The climbers consequently had varying levels of recreational and outdoor leadership experience. Matehuala is an outdoor educator and leader in the affinity group Brown Girls Climb. She flew in from Denver for the opportunity to acquire more skills in, as she said, “a space with other people of color.” Doug Barclift, a veteran from Orting, Washington, is an experienced sport climber and backpacker seeking to become the second African American man in the country to open a climbing gym. “Mountain” Dieu (pronounced “dew”) Nguyen (no relation to Don) is a mother of two Boy Scouts; she went from doing her first sunrise hike with a glow stick and cellphone flashlight to self-taught mountaineering that helped her summit Mount Adams, Mount St. Helens, and Mount Hood with her friend Hannah Hanson, who also attended the workshop.

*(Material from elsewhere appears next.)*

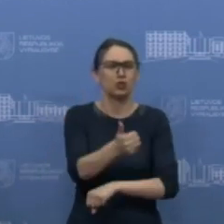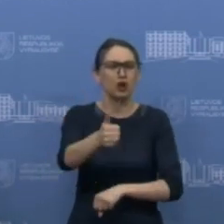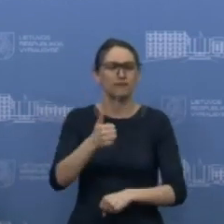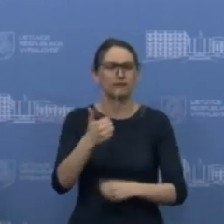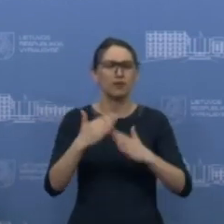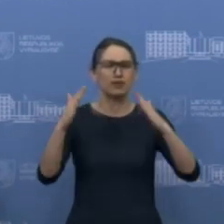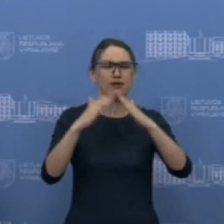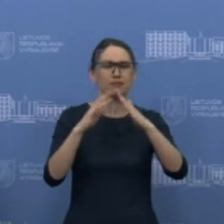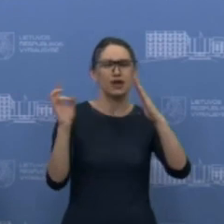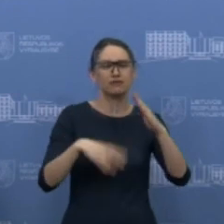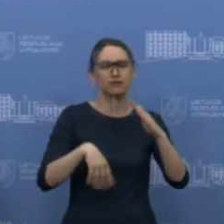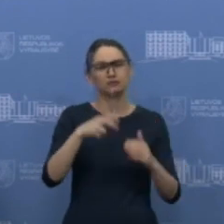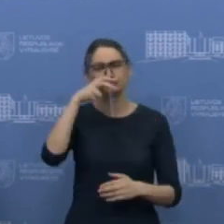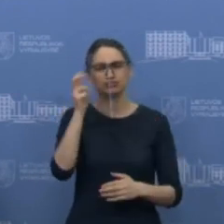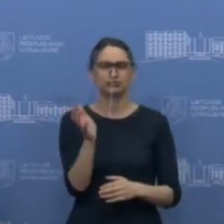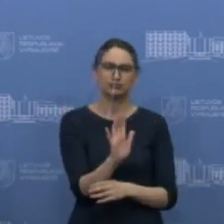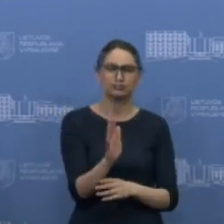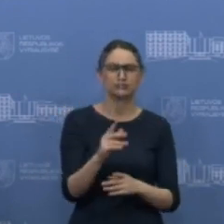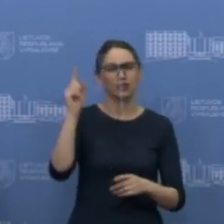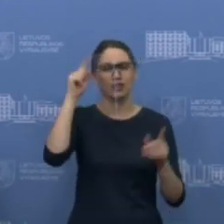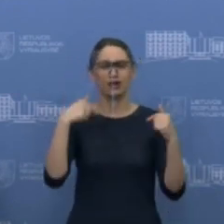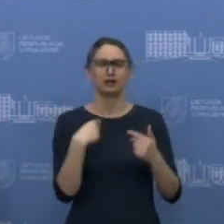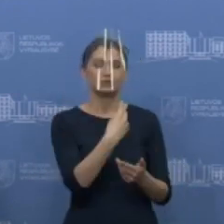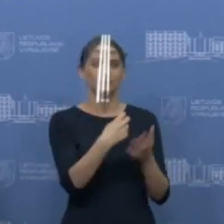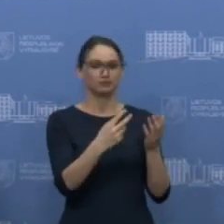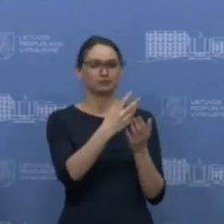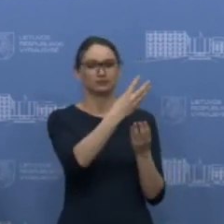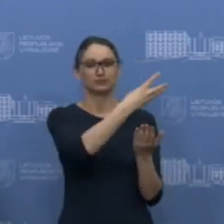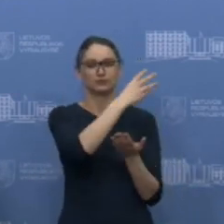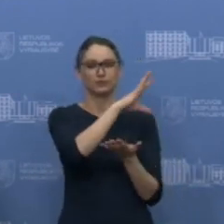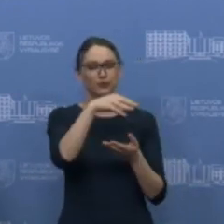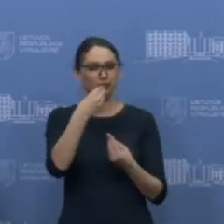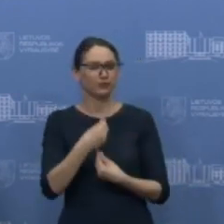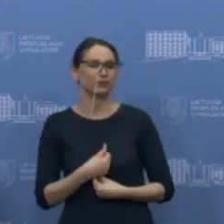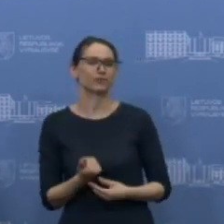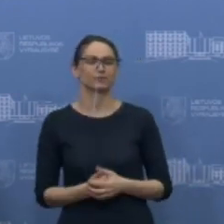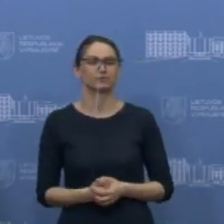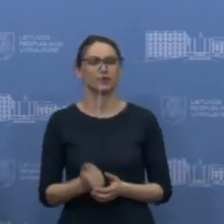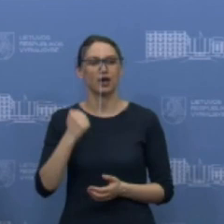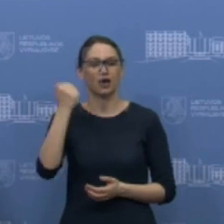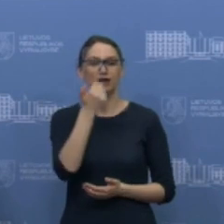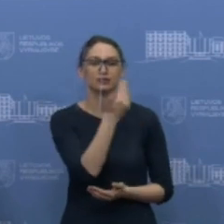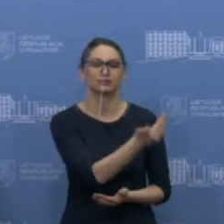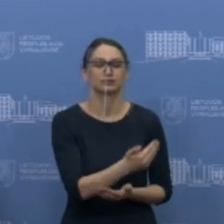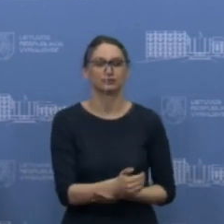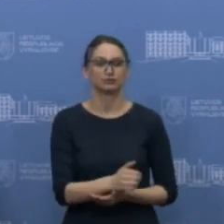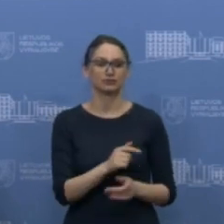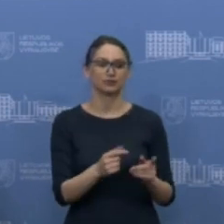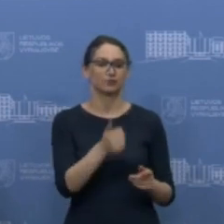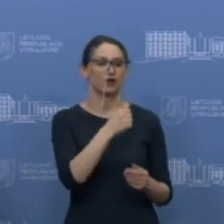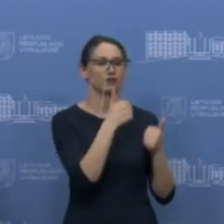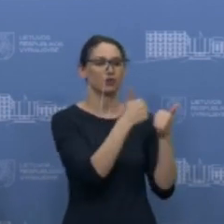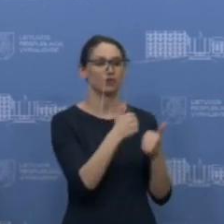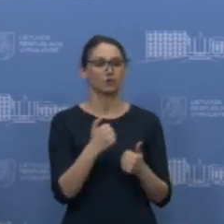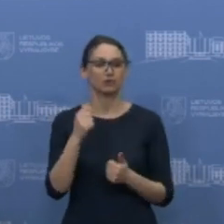karantinuotame gyvenime. Tai tikrai nuošydžiai žaviuosi ir rekoju už tą puikų, gražų, herojiškumo pavyzdį.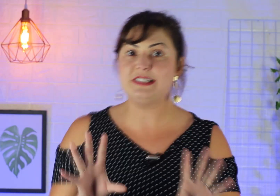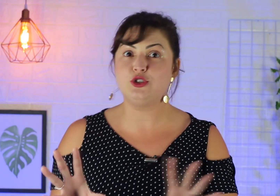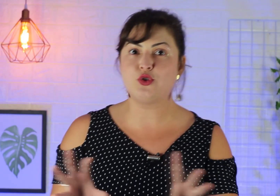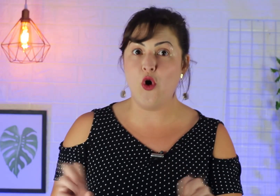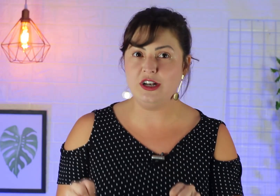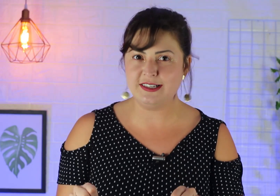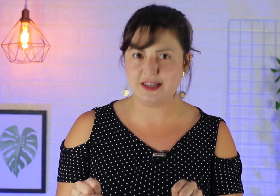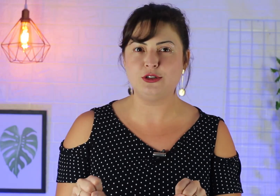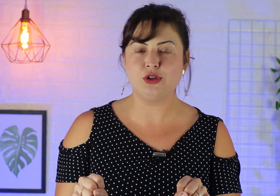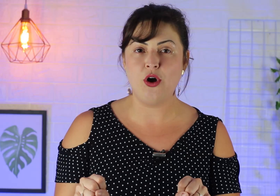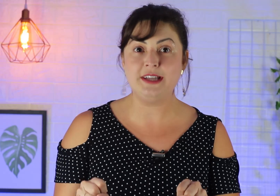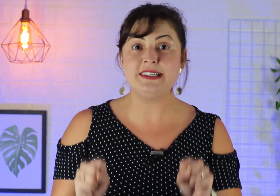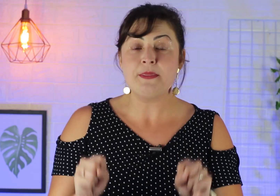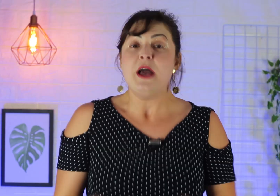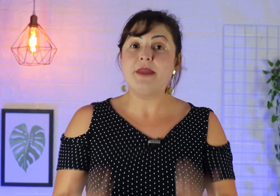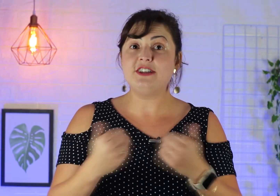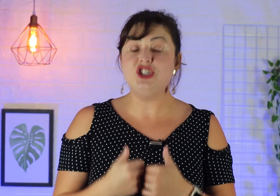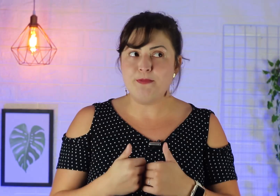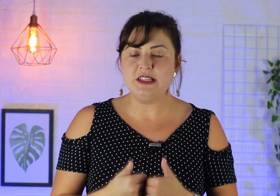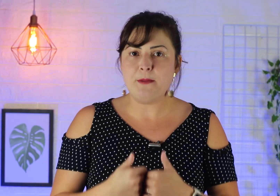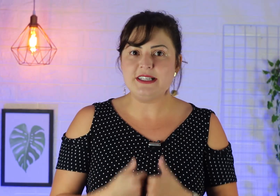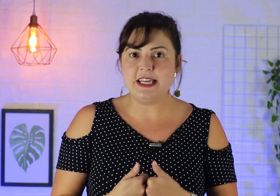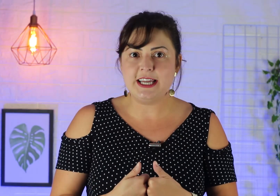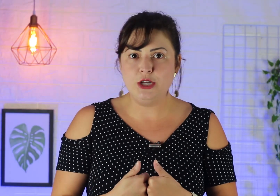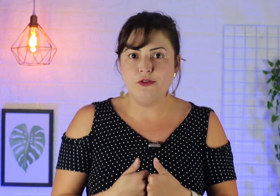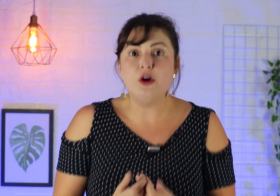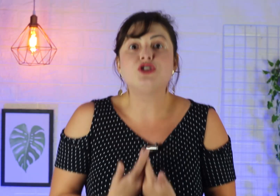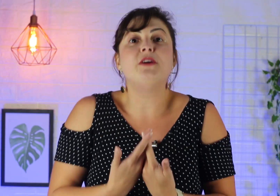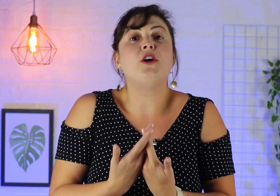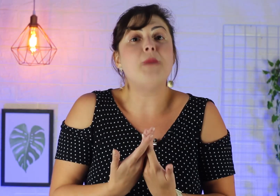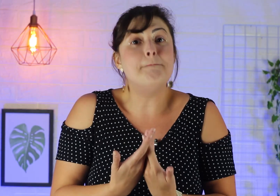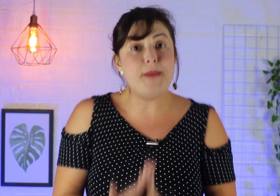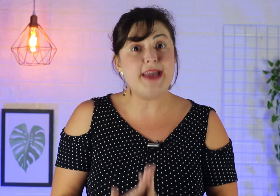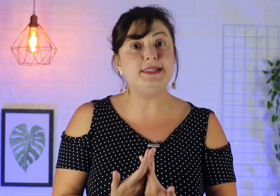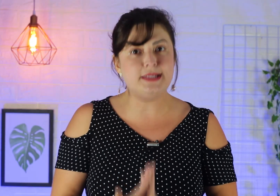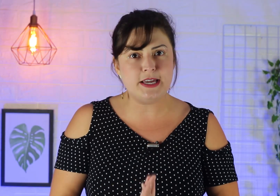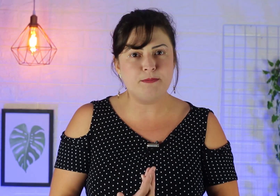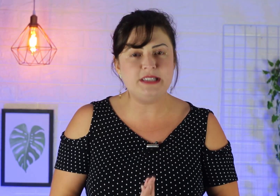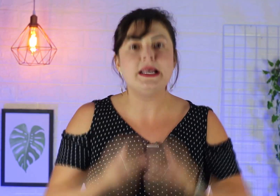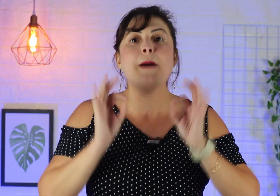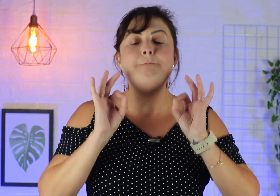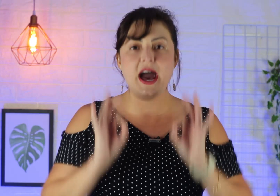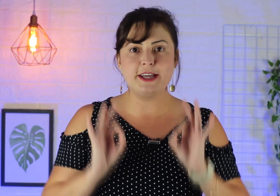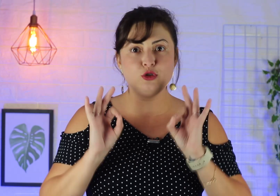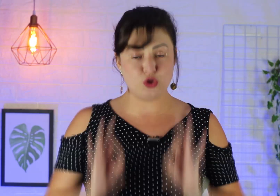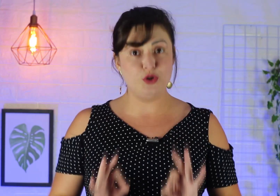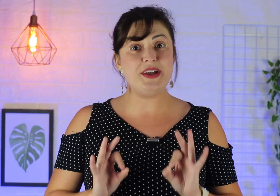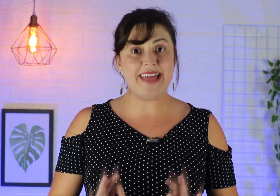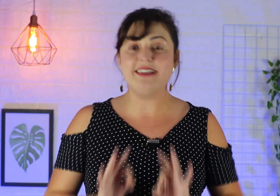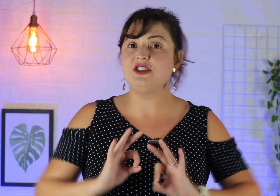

The two-day training began at a neighborhood library branch in north Seattle and focused on navigational skills and trip planning. Amid talk of declination, waypoints, and terrain association, Nguyen also imparted his do-as-I-do approach to outdoor leadership. He told to the group that “you are ambassadors for people of color outdoors” and should emulate the highest standards expected from professional guides, right down to a tidy backpack and impeccable form. “If people see you doing it the right way, they’ll do it too.” They ended the day tracking down waypoints in a slight drizzle at Magnuson Park.

The second day was spent in the field, at Mount Ellinor, on Washington’s Olympic Peninsula. There, the group held a mock guide meeting, practiced breaking trail in the snow, and, with Ching’s assistance, learned to self-arrest falls with their ice axes. Nguyen continued to stress pacing, his pet peeve in guiding. In a typical scenario, he explained, the strongest move to the front and the weaker members fall back and, soon, everyone is spread out. He told a cautionary tale of a snowshoe trip at Mount Rainier where leadership assumptions went badly awry and two clients fell to their deaths in near-darkness.

Nguyen hammered in the point: In the mountains, everyone rises together. This may as well be the Climbers of Color motto. Inclusion is paramount, in every way possible. “We want to be guides for everyone,” Nguyen says.

Climbers of Color plans to host its Mountaineering Leadership II workshop August 8–10 on the slopes of Mount Baker.